Anyway, her forgetfulness was much worse than she was aware of. If you tried to tell her she WOULD get angry with you (doctor made THAT mistake!). I really wish they would not refer to it as 'dementia', because too many people equate that with 'crazy'.
It is NOT being crazy, it is cognitive decline. Anyway...

Questions like wondering if the boys are still working are best handled with finesse - would it be "quitting" time if they were working? Glance at clock or watch and say oh no they're probably headed home for dinner now, or it's lunchtime, they're probably out getting lunch or something along those lines. It seems clear that she has forgotten their work status if she asked that question - you have to tread lightly, be prepared, and fend off these kind of questions, comments, statements or whatever with fluff. As the nurse who first assessed mom said - little white lies.
Just like others have said, sometimes you could carry on a conversation for 10+ minutes and not realize how bad off she was, yet other times you would hear the same story, questions, comments over and over in that 10 minutes.

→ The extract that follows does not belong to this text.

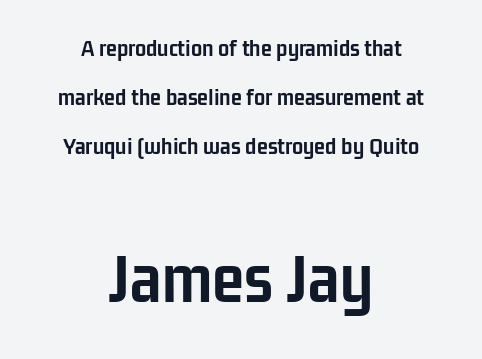
The image shows 74 px semibold, condensed sans-serif type, upright; set centered, loose line spacing (1.96x), normal letter spacing, not underlined; the second (bottom) block is 2.96x larger; low stroke contrast and a medium x-height.

Funny story - mom was moved to memory care in January, the first resident in a newly rebuilt facility. Finally two more women moved in. Shortly after that, one woman's daughter wrote an article about dementia and the facility for a local paper, and with it was a picture of the resident. Mom reads this, recognizes the woman and promptly tells her that her family put her here because she is crazy. Great. Thanks mommie dearest! But, if she (our mom) *really* understood all this well enough, she should be wondering why SHE is there!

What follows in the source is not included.